What is the effect of assigning a sign to $0$? What is the effect of assigning a sign to $0$?  In Calculus, $0^+$ means the right side of $0$ whereas $0^-$ means the left side of $0$ in a limit.
But other than that, what are the effects when we try to give $0$ a sign?
What are the consequences?
 A: Usually for a sign one will want to have that the sign of $x$ is different from the sign of the opposite element to/the additive inverse of $x$. 
Now, what does this mean for $0$. As $0$ is its own additive inverse one will either need to have a special sign for it or assign both signs to it. 
Ultimately both lead to the same. 
Indeed, in some languages, e.g., French, it is common that the positive reals include $0$, and so do the negative reals. 
While in English it is common that neither includes them. 
Yet, note that in the Wikipedia page on ordered fields the element $0$ is in fact an element of the positive cone (though not a positive element).
A: Generally we don't refer to 0 as having any sign. Instead, it gets its own class. You could represent that as a symbol of you really wanted to, but the whole reason we use a negative sign is for simplicity... we could come up with a different numbering system for negative numbers so that no sign would be needed, but it's much easier to just mirror our positive reals to the negative reals with a sign in front. With 0, there is only one case, and it mirrors only itself, making a sign redundant. As a note, whether to include 0 as a natural number had been a long debate, and multiple notations exist to include or exclude it. You even get things like "whole numbers", "natural numbers", "non-negative integers" (the last doesn't include 0, since 0 isn't positive) and many more notations, both written out and symbolic
Edit: I should note that some computer software uses $-0$. I can't remember off the top of my head, but some scripting for web pages differentiate between $0$ and $-0$, and the problem is very important when you are discussing Two's complement vs One's complement (I'll explain this onto you if you want, but there are great tutorials online!)
Tl;dr $-0 =0$ for all intensive purposes
A: I don't understand the details, but this seems to have something to do with filters.

Definition 0. Given a topological space $X$ and an element $x \in X$, define that $x^\star$ is the collection of all neighbourhoods of $x$. This happens to be a filter, called the neighborhood filter of $X$.

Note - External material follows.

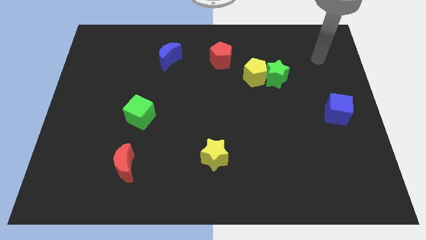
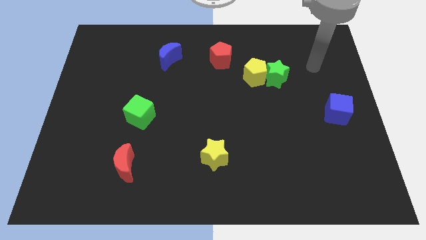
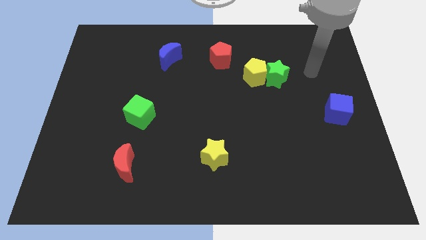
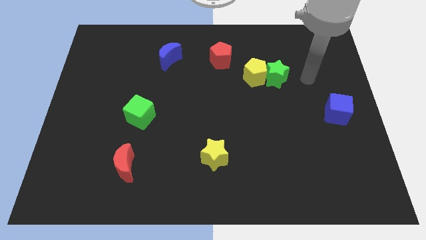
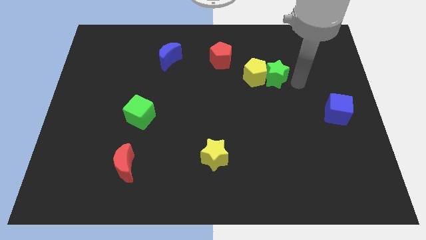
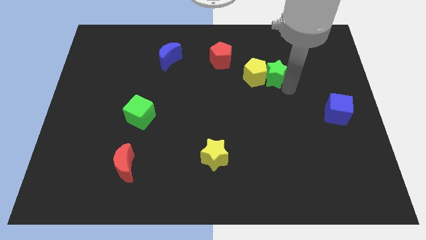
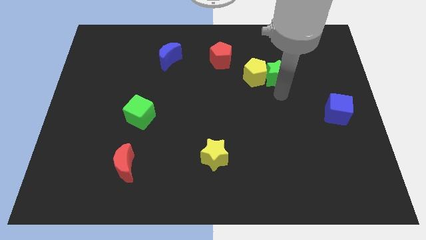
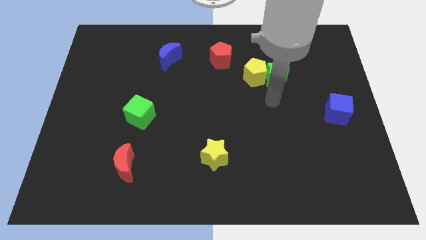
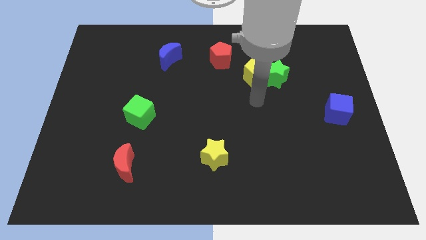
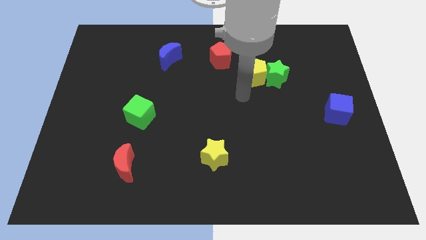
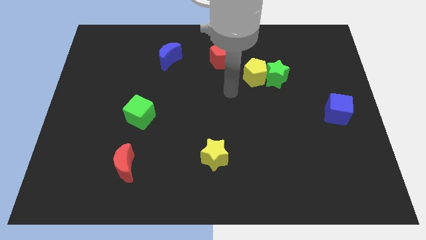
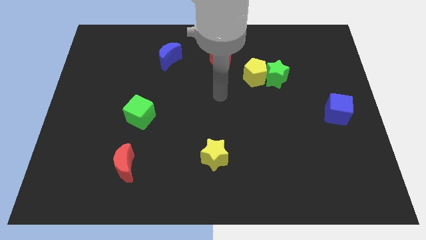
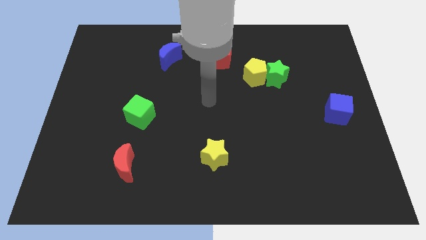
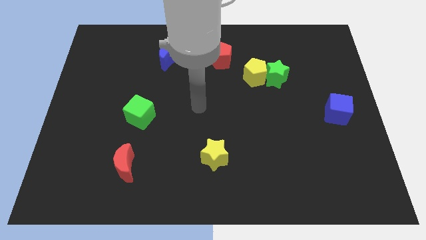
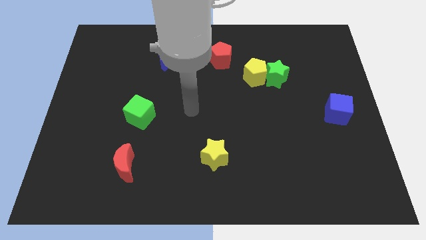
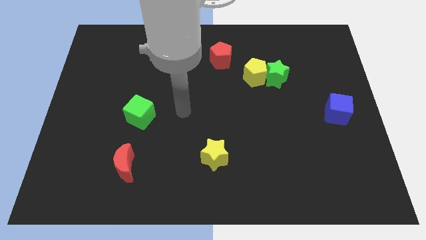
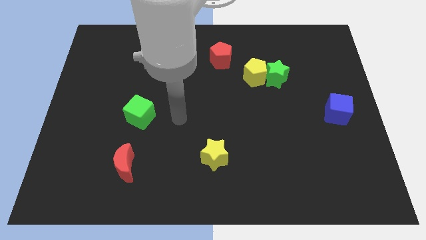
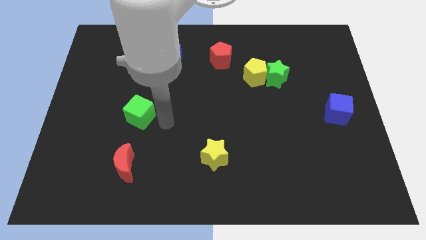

Definition 1. Given a totally ordered set $X$ and an element $x \in X$, it should be possible to define $x^+$ and $x^-$ to be $x^*$ for two different ways of making $X$ into a topological space.

It should then be possible to define notions like "right-continuous" in terms of limits that make reference to $x^+$ and $x^-$. Perhaps we can even make the set $$\{x \mid x:\mathbb{R}\} \sqcup \{x^+ \mid x:\mathbb{R}\} \sqcup \{x^- \mid x:\mathbb{R}\} \sqcup \{x^\star \mid x:\mathbb{R}\}$$ into an algebraic structure in its own right. So for example, I imagine that we should have:
$$2 \cdot (3^+) = 6^+, \qquad (-2) \cdot 3^+ = (-6)^-$$
etc.
I've made this answer community wiki; can someone who understands the details spell them out here? This would help me, too.